Beşinci Gün

Deniz kenarında oturuyordu Cem. Dersi saat üçte bitmişti... Dün hiçbir haber çıkmamıştı Elf’ten... Ve Cem de, bir sigara tiryakisinin sigarasız kalışı gibisine, onu aramıştı.

Denize bakarken düşünüyordu... Toparlamaya çalışıyordu son geldiği noktayı...

Yıllardır ‘ampul kavgası’ yapan insanlar gibi yaşamışım... Hep ampullerle uğraşıp durdum... Bir gün olsun aklıma ampulleri ampul yapan nesne üzerinde durmak gelmedi... Hep şekilleriyle, renkleriyle, büyüklük-küçüklükleriyle uğraştım ampullerin!..

Hiç aklıma gelmedi elektrik!.. Oysa bütün ampullerin aslı, özü bir!.. Farklılık ise sadece görünümde... Ya dalgalar..? Onların da kimi yüksek, kimi alçak... Kimi sağa kıvrık, kimi sola... Ya, birbiriyle çarpışan dalgalar... Kırılan dalgalar... Hepsi de gene görünümde, öyle değil mi?.. Aslı esası, hep gene su!.. Deniz adını takınmış su!..

Deniz adını takınmış suyun, kendi kendine aldığı şekillerden ibaret değil miymiş dalga adını almış uzantılar!..

“Evet Cem, çok isâbetli gidiyorsun devam et... Özde!..”

“Nasıl?.. Özde Elf!..”

“Evren dediğin yapının aslı da bir enerji denizi değil mi?.. Salt enerjinin, elektromanyetik dalgalar adıyla varlığa bürünüp, daha da yoğunlaşmasıyla kat kat maddeye yaklaşması ve nihayet maddeleşmesiyle, tıpkı denizin dalgaları gibi çeşitli görünümler alması gibi…”

“Evet haklısın... Aslında, ayrı birer varlıkmışcasına isimlendirdiğimiz dalgaların, denizden, yani sudan ayrı bir şey olmamasına rağmen, bizim ona bir müstakil varlığı varmışcasına isim vermemiz ile bunun arasında hiç fark yok... Su, salt enerji yerine ele alınırsa; madde ve maddi varlıklar dahi, salt enerjinin dalgaları mesabesinde kalır... Peki, bu salt enerji, dalgalanmadan evvel ne hâldeydi?..”

“Bu salt enerji, dalgalanmadan evvel, bir enerji varlığı hâlinde kendisine yön veren Kozmik bilincin imajında idi... Ve gerçekte, el an öyle!..”

“Anlayamadım?..”

“Bu enerji, yani salt enerji dahi, Kozmik bilinç ya da tümel akıl adını verdiğimiz aklın imajında idi!.. Ve bu bilincin imajında, deniz ve dalgalar meydana geldikten sonra; gene enerji bu aklın imajından ortaya çıktı, ve bundan sonra da safha safha evren meydana geldi.

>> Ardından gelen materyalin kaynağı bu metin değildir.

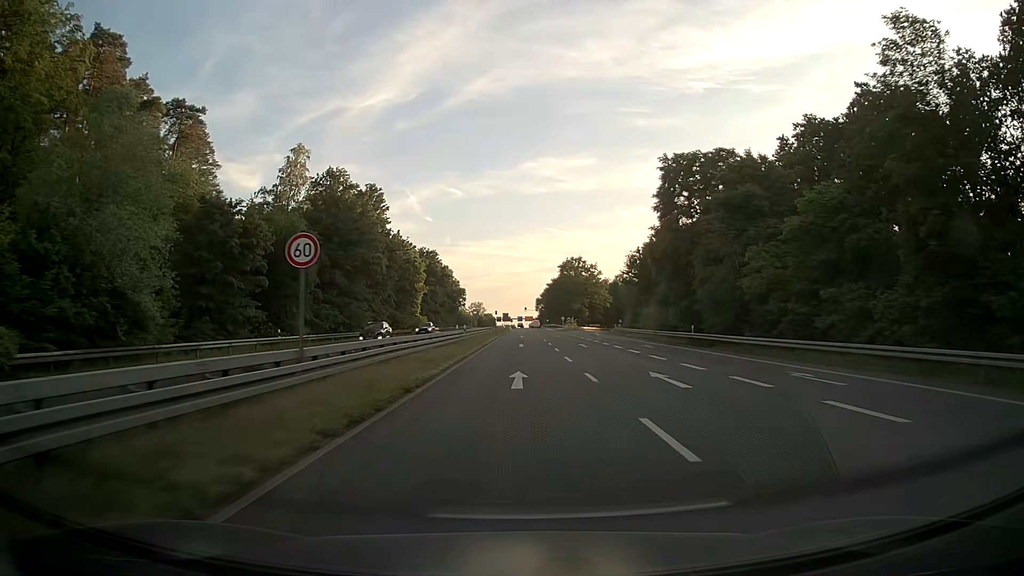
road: secondary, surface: asphalt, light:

Bu sebeple, orijini yönüyle, salt enerji denilen evrenin hayatiyet sıfatının dahi, bilincin imajından ortaya çıktığı anlaşılır ki; bu Kozmik bilince nispetle, bütün mevcudat, salt enerjiden ibaret, bir hayal hükmüne girer!..

O bilinç ise, bir noktadan, bir mutlak karanlıktan, bir bilinmezlik veya bir anlaşılmazlıktan ibarettir!.. Hiçtir!.. Hiçliktir!.. Ve ‘El an’[1]  da öyledir!..”

“Hâlen de öyle midir?..”

“Elbette!.. Nitekim sizden birinin... Neyse, geçelim onların sözünü şimdilik!”

“Peki yani, bütün bu evren, bir hayal mi oluyor gerçekte?..”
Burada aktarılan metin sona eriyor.